What services are offered?
Results reproduction before submission
You created a computer-based workflow as part of your latest paper submission? Great! Now it is time to make sure that your computational steps can be understood and recreated by a third party before you submit the workflow for peer review or publication of a preprint. Such an independent confirmation increases trust in your work.
During results reproduction, an R2S2 team member will evaluate the data and code provided by you (file organisation, documentation, code understandability, etc.) and follow the provided instructions to execute the workflow. We will then report on our results, compared to the ones provided by you, and give general feedback on what you may improve to further increase accessibility, understandability, and reusability for third parties. For more on the general feedback, see "Research compendium creation" below.
- We will not replicate your study (collect new data, use same analysis/code), make it robust (same data, different code/analysis), or generalise your work (different data, different analysis) (see The Turing Way’s definitions [en]).
- The reproduction does not cover the content of your paper, such as checking your research methodology, questioning your conclusions/assumptions, or making direct changes to the work.
- To be able to reproduce your workflow, your workflow or scripts must be based on software/programming language that is available to us, ideally free and open source software. Exemptions may be made for software available to employees of Münster University or where you can provide access for the R2S2 team member./span>
- No High-Performance-Computing (HPC) or Big Data: the R2S2 team does not have sufficient resources to reproduce very complex and extensive computations; please do get in touch if you are unsure if your data is "too big" or if you want to make a case why we should consider your workflow.

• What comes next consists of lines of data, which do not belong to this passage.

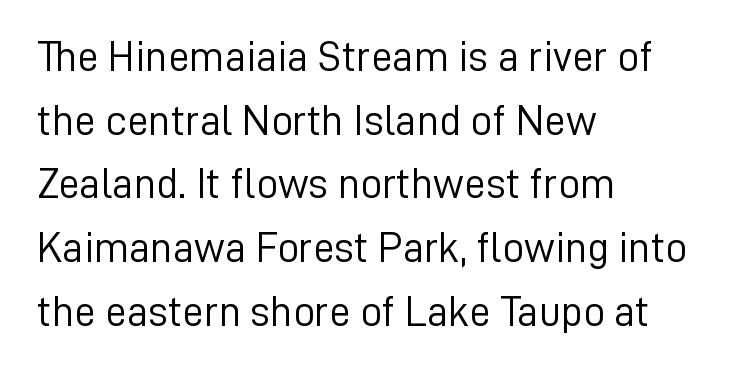
The image shows 43 px light sans-serif type, upright; set left-aligned, normal line spacing (1.48x), normal letter spacing, not underlined; low stroke contrast and a medium x-height.
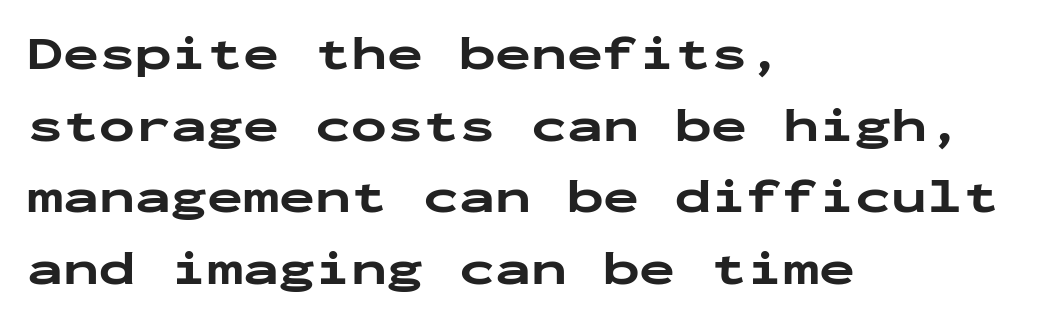
The passage is arranged the way most books set body copy — flush left. A bare baseline throughout the passage. Spacing verdict: monospaced, one width for all characters. The letterforms sit shoulder to shoulder at normal distance. Caption: bold face, heavy strokes. Nothing sits at the stroke ends, so this counts as sans-serif.
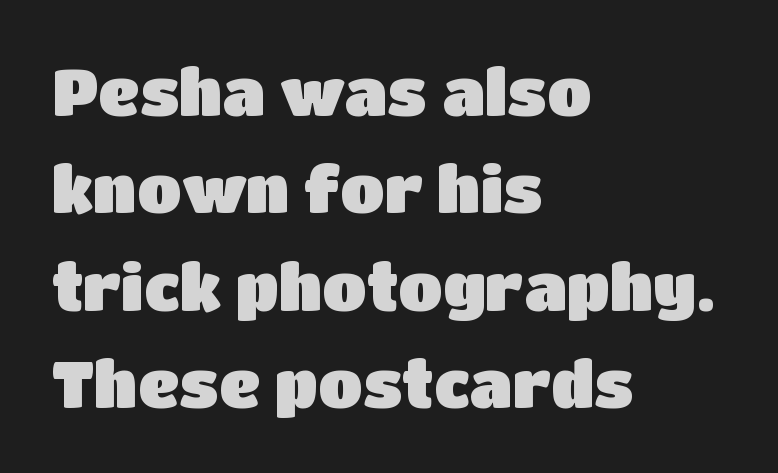
The image shows 65 px sans-serif type, upright; set left-aligned, normal line spacing (1.5x), normal letter spacing, not underlined; low stroke contrast and a large x-height.

- Duration of computations should be under 24 hours on a reasonably sized desktop computer – consider creating a synthetic dataset or subset if this is the case; please do get in touch if you are unsure if your computation takes too long or if you want to make a case why we should consider your workflow./span>
Project set-up consultation and computing environment management
You can make your life and the life of collaborators (e.g., future you or the next PhD student) much easier if you consider reproducibility from the start of a research project. If there are no experts on computational reproducibility or open science at your lab/institute/working group, we are happy to have a conversation with you about your ideas and plans. Let’s try to look ahead into the future and see how you can not only avoid to shoot yourself in the foot, but be very efficient in your day-to-day work habits and score extra points with reviewers and become a reproducible research leader in your community of practice.
You already write R/Python packages and know about notebooks, virtual environments, Binder, version pinning, containers, and virtual machines? Get back to us for a results reproduction!

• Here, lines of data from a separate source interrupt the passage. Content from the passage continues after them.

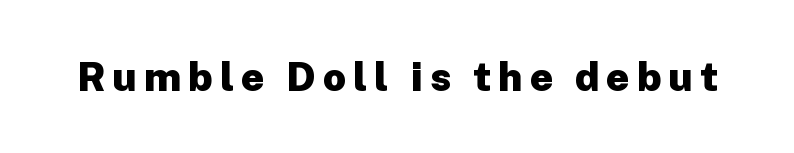
Q: Is the text bold? A: Yes.
Q: Is the text italic (slanted)? A: No, it is upright.
Q: Is the typeface a serif or a sans-serif typeface? A: Sans-serif.
Q: Is the text underlined? A: No.
Q: Width (condensed, normal, or wide)? A: Normal.
Q: Stroke contrast? A: Low.
Q: x-height? A: Medium.
Q: Monospaced? A: No.
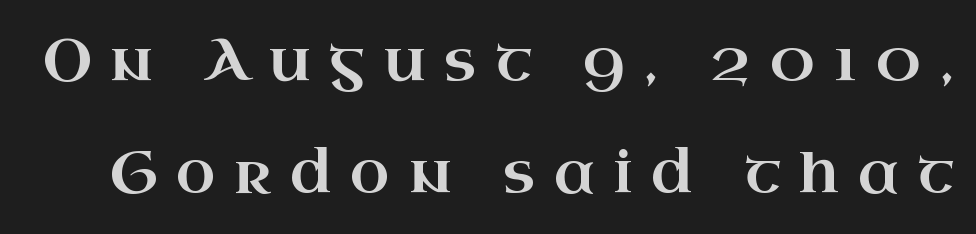
The type is letterspaced generously, with wide tracking. Is this a sans? No — the strokes have serifs. Ascenders rise straight up at ninety degrees. The passage shown is not underscored anywhere. You could not count columns in this text — the font is proportionally spaced.

Research compendium creation
A research compendium accompanies, enhances, or is itself a scientific publication providing data, code, and documentation of a scientific workflow (cf. research-compendium.science [en] for more literature). It provides all materials for others to reproduce, re-use and extend a particular dataset or method. The term has been used in various disciplines to describe the desirable "package" of bits and pieces that make up the real scholarship, for which the article or papers is the "mere advertising" [en].
If you want to practice reproducible research and open science based on computers, a research compendium is a great approach to package computer-based methods for yourself and for sharing them with others. As a result of your consultation, you create an archivable package with all information in one place which is ready to be published in a repository and receive a persistent identifier (e.g., a DOI).

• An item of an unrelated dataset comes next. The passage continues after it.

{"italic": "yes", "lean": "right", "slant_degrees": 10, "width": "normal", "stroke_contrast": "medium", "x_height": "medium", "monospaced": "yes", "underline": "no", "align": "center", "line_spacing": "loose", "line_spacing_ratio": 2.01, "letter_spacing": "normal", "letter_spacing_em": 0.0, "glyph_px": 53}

The compendium is created based on your current material. During the consultation, R2S2 team members will provide suggested code edits to facilitate reproduction and to ensures the transparency and reproducibility of your research, a high ease of access to data and code for others, and independent understandability by others. A research compendium creation may include:
- research data publication
- research software publication
- computing environment definition and publication
- citable data
- citable software
If your research compendium includes data, software, a containerised computing environment, and the possibility for users to manipulate parts of your workflow, then we would like to explore with you the possibility to create an Executable Research Compendium (ERC). The ERC is o2r’s own concept of the "research article of the future". You can learn about it in this publication about ERC [en] and see it in action in this reader’s perspective video [en]).
Even if you decide not to publish/submit the research compendium with the article (if journal policies permit) nor after publication of the article, you have the ability to promptly and confidently provide reproduction materials if reviewers or future readers ask for them.
- We may take a look at the paper, but only in so far as how it connects to the other building blocks of your compendium – the same limitations of results reproductions (see above) apply. Of course, we will not share anything before your research is published or your explicit confirmation.
- It may be more suitable to deposit research data and research software independently, or additionally, in different repositories – we try to find the best solution for your case together with you.